Top.Mail.Ru
Indexes | Tarantool
 
Indexes
Indexes

Indexes

Indexes

An index is a special data structure that stores a group of key values and pointers. It is used for efficient manipulations with data and should be chosen depending on the task.

As with spaces, you should specify the index name, and let Tarantool come up with a unique numeric identifier (“index id”).

An index may be multi-part, that is, you can declare that an index key value is composed of two or more fields in the tuple, in any order. For example, for an ordinary TREE index, the maximum number of parts is 255.

An index may be unique, that is, you can declare that it would be illegal to have the same key value twice.

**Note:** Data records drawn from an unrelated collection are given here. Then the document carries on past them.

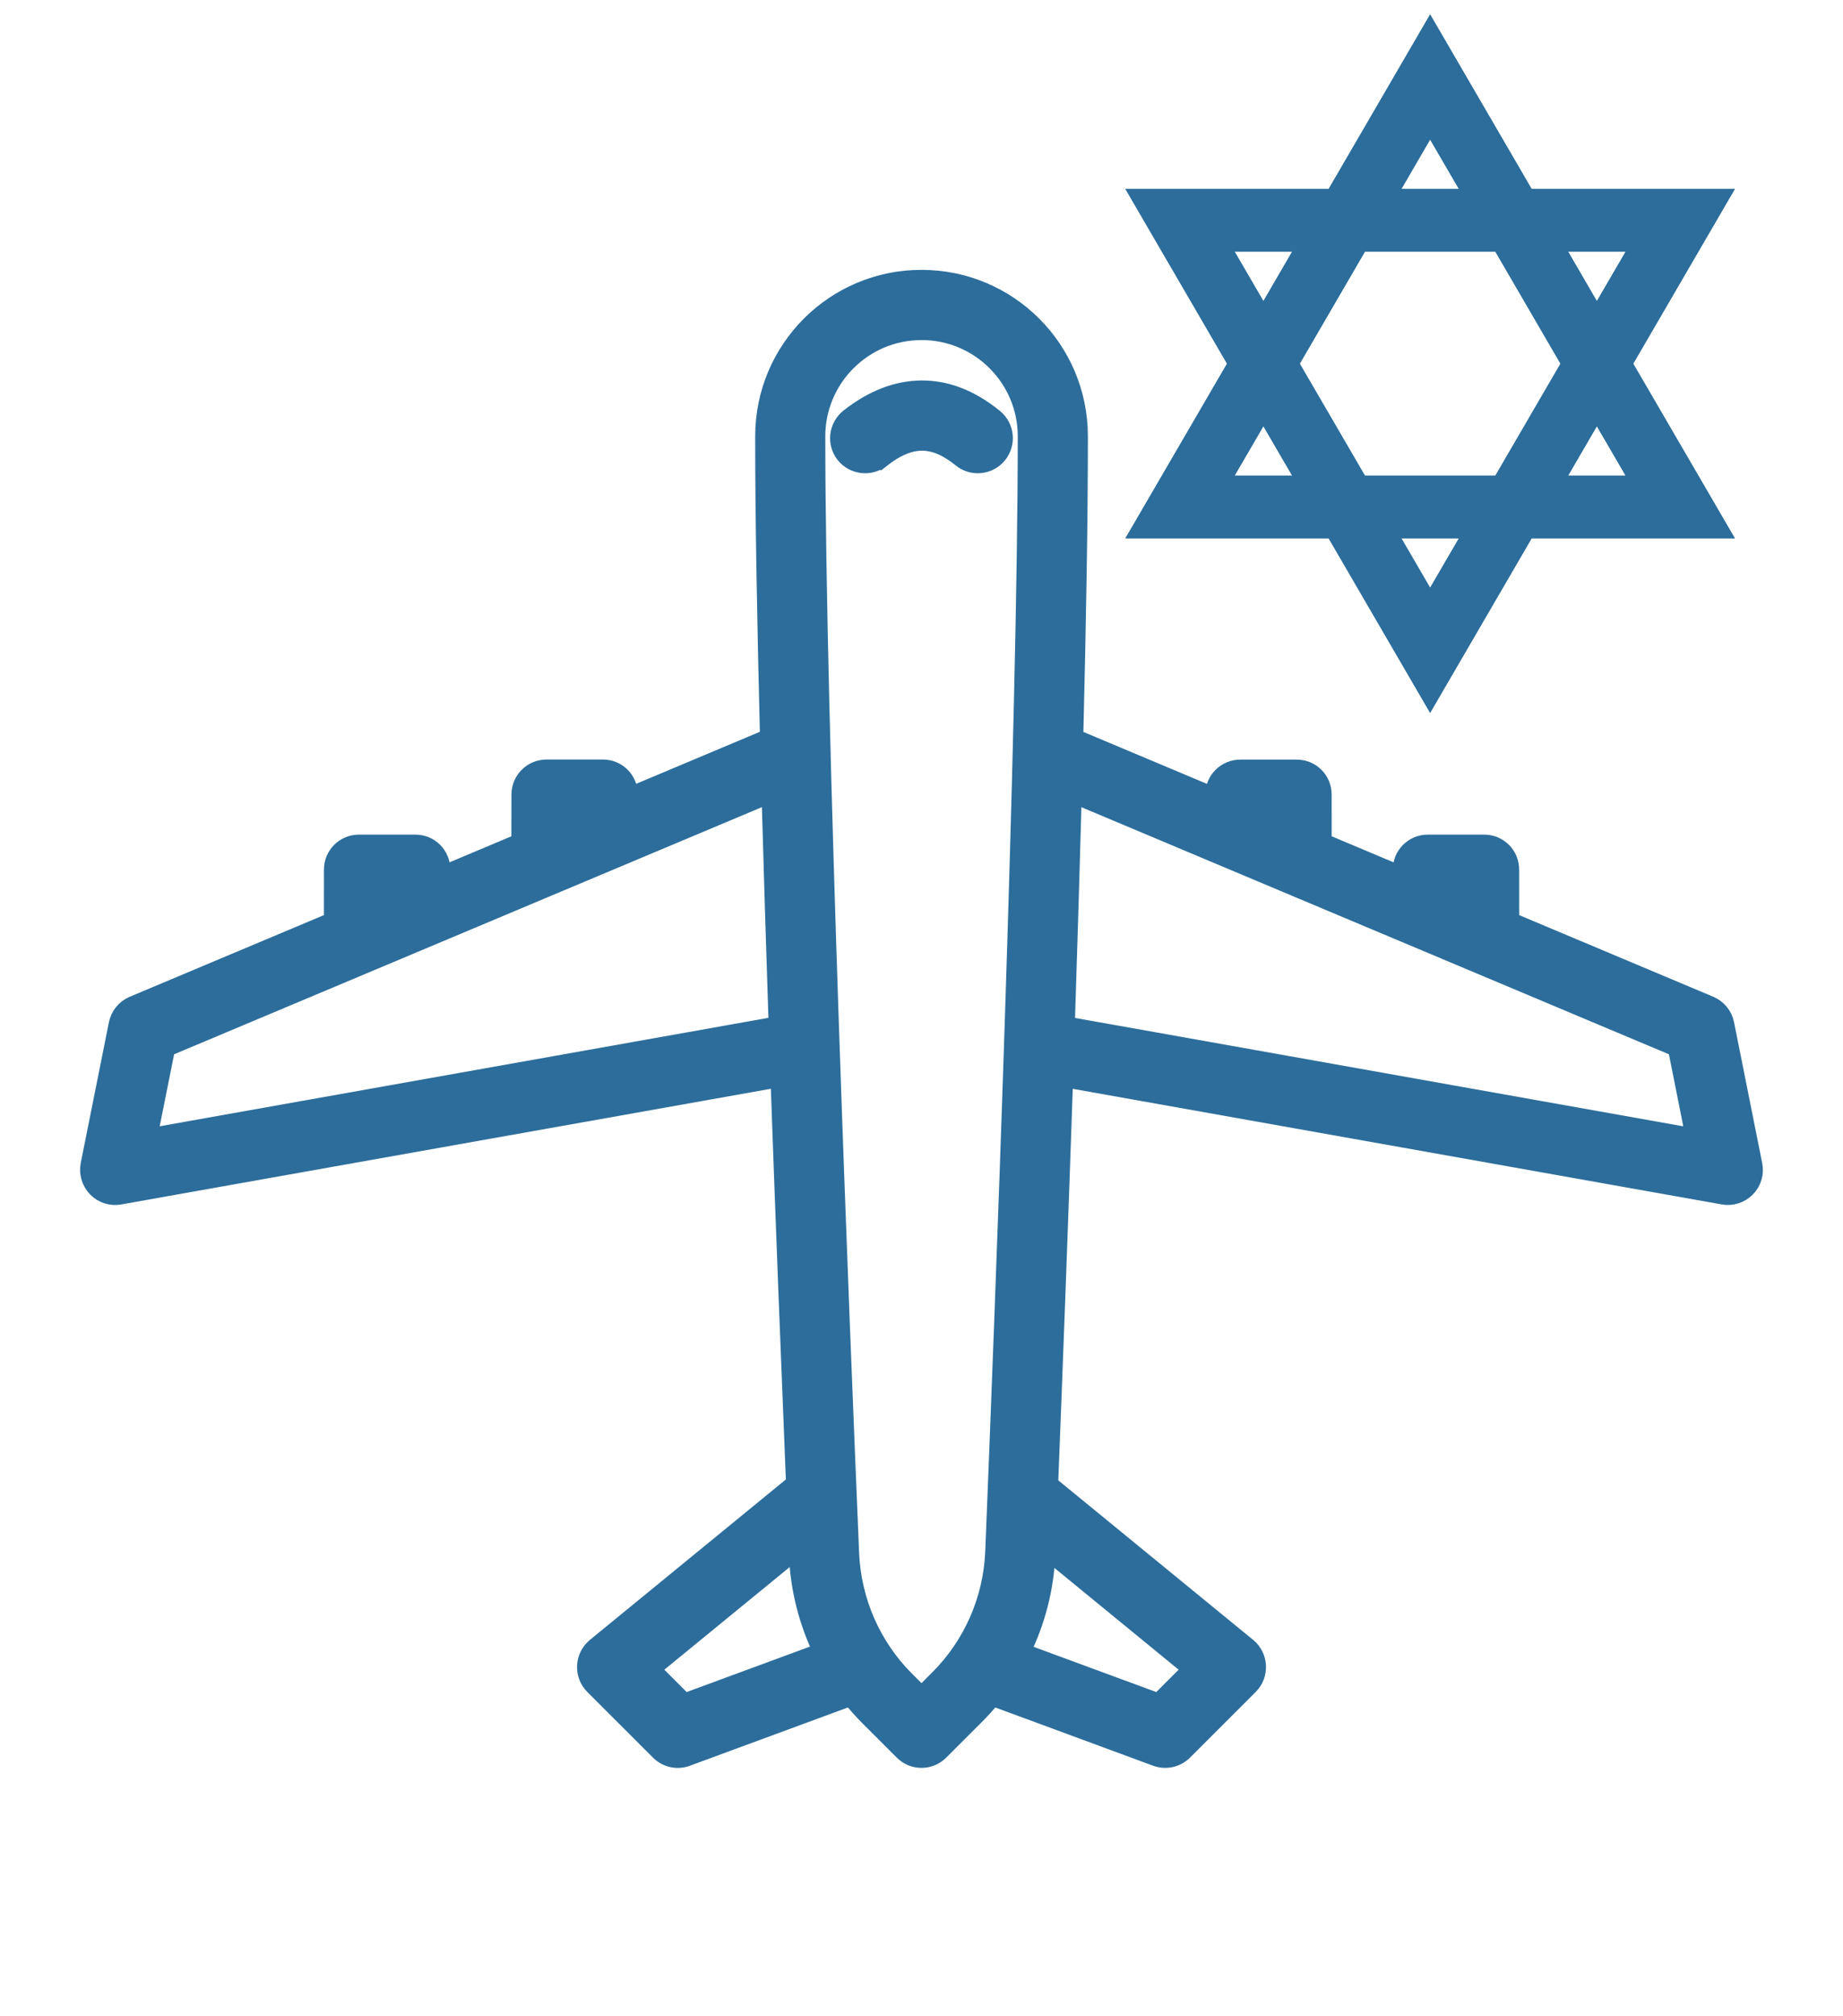 <svg width="43" height="47" viewBox="0 0 43 47" fill="none" xmlns="http://www.w3.org/2000/svg">
<path fill-rule="evenodd" clip-rule="evenodd" d="M31.201 4.757L33.367 1.034L35.534 4.757H39.867L37.7 8.48L39.867 12.202H35.534L33.367 15.925L31.201 12.202H26.867L29.034 8.48L26.867 4.757H31.201ZM34.648 4.757L33.367 2.557L32.087 4.757H34.648ZM37.257 7.718L38.538 5.518H35.977L37.257 7.718ZM31.644 5.518L29.92 8.48L31.644 11.441H35.091L36.814 8.48L35.091 5.518H31.644ZM29.477 7.718L30.757 5.518H28.197L29.477 7.718ZM30.758 11.441L29.477 9.241L28.196 11.441H30.758ZM38.538 11.441L37.257 9.241L35.977 11.441H38.538ZM33.367 14.402L34.648 12.202H32.087L33.367 14.402Z" fill="#2C6D9B"/>
<path fill-rule="evenodd" clip-rule="evenodd" d="M31.201 4.757L33.367 1.034L35.534 4.757H39.867L37.7 8.48L39.867 12.202H35.534L33.367 15.925L31.201 12.202H26.867L29.034 8.48L26.867 4.757H31.201ZM34.648 4.757L33.367 2.557L32.087 4.757H34.648ZM37.257 7.718L38.538 5.518H35.977L37.257 7.718ZM31.644 5.518L29.92 8.48L31.644 11.441H35.091L36.814 8.48L35.091 5.518H31.644ZM29.477 7.718L30.757 5.518H28.197L29.477 7.718ZM30.758 11.441L29.477 9.241L28.196 11.441H30.758ZM38.538 11.441L37.257 9.241L35.977 11.441H38.538ZM33.367 14.402L34.648 12.202H32.087L33.367 14.402Z" fill="#2C6D9B"/>
<path fill-rule="evenodd" clip-rule="evenodd" d="M31.201 4.757L33.367 1.034L35.534 4.757H39.867L37.7 8.48L39.867 12.202H35.534L33.367 15.925L31.201 12.202H26.867L29.034 8.48L26.867 4.757H31.201ZM34.648 4.757L33.367 2.557L32.087 4.757H34.648ZM37.257 7.718L38.538 5.518H35.977L37.257 7.718ZM31.644 5.518L29.92 8.48L31.644 11.441H35.091L36.814 8.48L35.091 5.518H31.644ZM29.477 7.718L30.757 5.518H28.197L29.477 7.718ZM30.758 11.441L29.477 9.241L28.196 11.441H30.758ZM38.538 11.441L37.257 9.241L35.977 11.441H38.538ZM33.367 14.402L34.648 12.202H32.087L33.367 14.402Z" stroke="#2C6D9B" stroke-width="0.7"/>
<path fill-rule="evenodd" clip-rule="evenodd" d="M31.201 4.757L33.367 1.034L35.534 4.757H39.867L37.7 8.48L39.867 12.202H35.534L33.367 15.925L31.201 12.202H26.867L29.034 8.48L26.867 4.757H31.201ZM34.648 4.757L33.367 2.557L32.087 4.757H34.648ZM37.257 7.718L38.538 5.518H35.977L37.257 7.718ZM31.644 5.518L29.92 8.48L31.644 11.441H35.091L36.814 8.48L35.091 5.518H31.644ZM29.477 7.718L30.757 5.518H28.197L29.477 7.718ZM30.758 11.441L29.477 9.241L28.196 11.441H30.758ZM38.538 11.441L37.257 9.241L35.977 11.441H38.538ZM33.367 14.402L34.648 12.202H32.087L33.367 14.402Z" stroke="#2C6D9B" stroke-width="0.7"/>
<path fill-rule="evenodd" clip-rule="evenodd" d="M17.932 17.195L14.682 18.561L14.681 18.529C14.684 18.185 14.406 17.907 14.063 17.91L12.75 17.91C12.409 17.91 12.133 18.186 12.133 18.527L12.131 19.633L10.308 20.4L10.306 20.279C10.308 19.935 10.031 19.658 9.687 19.661L8.375 19.661C8.033 19.661 7.758 19.936 7.758 20.277L7.757 21.471L3.105 23.426C2.915 23.506 2.777 23.675 2.737 23.876L2.08 27.157C2.041 27.357 2.103 27.564 2.246 27.712C2.388 27.859 2.595 27.924 2.797 27.887L18.177 25.15C18.304 28.75 18.44 32.154 18.539 34.589L13.89 38.393C13.755 38.504 13.673 38.666 13.664 38.841C13.655 39.015 13.72 39.186 13.844 39.31L15.376 40.841C15.546 41.012 15.8 41.069 16.026 40.985L19.847 39.577C19.976 39.737 20.115 39.892 20.262 40.04L21.063 40.84C21.305 41.083 21.695 41.083 21.937 40.84L22.768 40.01C22.906 39.872 23.037 39.727 23.158 39.577L26.972 40.984C27.2 41.068 27.455 41.011 27.625 40.84L29.157 39.309C29.282 39.184 29.345 39.016 29.337 38.841C29.328 38.667 29.248 38.503 29.112 38.393L24.488 34.61C24.584 32.181 24.714 28.768 24.837 25.151L40.205 27.887C40.406 27.923 40.612 27.857 40.755 27.711C40.898 27.565 40.96 27.356 40.918 27.157L40.262 23.876C40.223 23.674 40.085 23.507 39.896 23.426L35.245 21.471L35.244 20.28C35.246 19.936 34.969 19.659 34.625 19.661L33.313 19.661C32.971 19.661 32.696 19.937 32.696 20.278L32.695 20.4L30.87 19.633L30.869 18.53C30.872 18.186 30.594 17.909 30.25 17.912L28.938 17.912C28.597 17.912 28.321 18.187 28.321 18.528L28.32 18.562L25.074 17.198C25.141 14.521 25.183 12.061 25.182 10.174C25.183 8.14 23.535 6.492 21.501 6.493L21.5 6.492C20.484 6.492 19.562 6.905 18.898 7.569C18.23 8.237 17.82 9.156 17.82 10.171C17.818 12.06 17.865 14.516 17.932 17.195ZM24.426 36.158L24.422 36.238C24.39 37.034 24.189 37.809 23.843 38.512L27.029 39.686L27.797 38.918L24.426 36.158ZM25.039 18.524C24.99 20.282 24.936 22.105 24.877 23.902L39.527 26.511L39.114 24.44L25.039 18.524ZM19.055 10.173C19.056 9.497 19.33 8.887 19.773 8.445C20.215 8.003 20.825 7.73 21.499 7.73L21.503 7.729C22.851 7.73 23.945 8.824 23.946 10.172C23.945 16.93 23.397 31.009 23.187 36.188C23.14 37.297 22.679 38.35 21.893 39.136L21.5 39.529L21.136 39.166C20.353 38.383 19.894 37.333 19.845 36.226C19.626 31.044 19.058 16.931 19.055 10.173L19.055 10.173ZM18.604 36.135L15.202 38.918L15.97 39.686L19.17 38.507C18.837 37.815 18.643 37.057 18.608 36.278L18.604 36.135ZM33.931 20.92L34.007 20.951L34.005 20.897L33.931 20.897L33.931 20.92ZM17.968 18.523L3.887 24.44L3.472 26.51L18.134 23.9C18.074 22.102 18.017 20.278 17.968 18.523ZM20.57 10.704C20.883 10.458 21.192 10.311 21.506 10.309C21.813 10.307 22.114 10.445 22.422 10.696C22.686 10.912 23.076 10.872 23.292 10.608C23.508 10.343 23.469 9.953 23.204 9.737C22.636 9.274 22.063 9.068 21.497 9.071C20.933 9.077 20.366 9.288 19.805 9.729C19.536 9.941 19.488 10.331 19.699 10.6C19.91 10.868 20.301 10.913 20.569 10.703L20.57 10.704ZM8.995 20.951L9.069 20.92L9.068 20.898L8.993 20.897L8.995 20.951Z" fill="#2C6D9B" stroke="#2C6D9B" stroke-width="0.4"/>
</svg>

The first index defined on a space is called the primary key index, and it must be unique. All other indexes are called secondary indexes, and they may be non-unique.

Indexes have certain limitations. See details on page Limitations.

An index definition may include identifiers of tuple fields and their expected types. See allowed indexed field types in section Details about indexed field types.

Note

A recommended design pattern for a data model is to base primary keys on the first fields of a tuple, because this speeds up tuple comparison.

Let’s look at an example where we first define the primary index (named ‘primary’) based on field #1 of each tuple:

tarantool> i = s:create_index('primary', {type = 'hash', parts = {{field = 1, type = 'unsigned'}}}

The effect is that, for all tuples in space ‘tester’, field #1 must exist and must contain an unsigned integer. The index type is HASH, so values in field #1 must be unique, because keys in HASH indexes are unique.

After that, let’s define a secondary index (named ‘secondary’) based on field #2 of each tuple:

tarantool> i = s:create_index('secondary', {type = 'tree', parts = {field = 2, type = 'string'}})

The effect is that, for all tuples in space ‘tester’, field #2 must exist and must contain a string. The index type is TREE, so values in field #2 must not be unique, because keys in TREE indexes may be non-unique.

Space definitions and index definitions are stored permanently in Tarantool’s system spaces _space and _index (for details, see reference on box.space submodule).

Tip

The full information about creating an index is in section space_object:create_index().

An index always has a type. Different types are intended for different usage scenarios.

We give an overview of index features in the following table:

Feature TREE HASH RTREE BITSET
unique + + - -
non-unique + - + +
is_nullable + - - -
can be multi-part + + - -
multikey + - - -
partial-key search + - - -
can be primary key + + - -
exclude_null (version 2.8+) + - - -
iterator types ALL, EQ, REQ, GT, GE, LT, LE ALL, EQ, GT ALL, EQ, GT, GE, LT, LE, OVERLAPS, NEIGHBOR ALL, EQ, BITS_ALL_SET, BITS_ANY_SET, BITS_ALL_NOT_SET

The default index type is ‘TREE’. TREE indexes are provided by memtx and vinyl engines, can index unique and non-unique values, support partial key searches, comparisons and ordered results.

This is a universal type of indexes, for most cases it will be the best choice.

Additionally, memtx engine supports HASH, RTREE and BITSET indexes.

HASH indexes require unique fields and loses to TREE in almost all respects. So we do not recommend to use it in the applications. HASH is now present in Tarantool mainly because of backward compatibility.

Here are some tips. Do not use HASH index:

  • just if you want to
  • if you think that HASH is faster with no performance metering
  • if you want to iterate over the data
  • for primary key
  • as an only index

Use HASH index:

  • if it is a secondary key
  • if you 100% won’t need to make it non-unique
  • if you really need that 2-5% performance improvement
  • if you have taken measurements on your data and you see an increase in performance
  • if you save every byte on tuples (HASH is a little more compact)

RTREE is a multidimensional index supporting up to 20 dimensions. It is used especially for indexing spatial information, such as geographical objects. In this example we demonstrate spatial searches via RTREE index.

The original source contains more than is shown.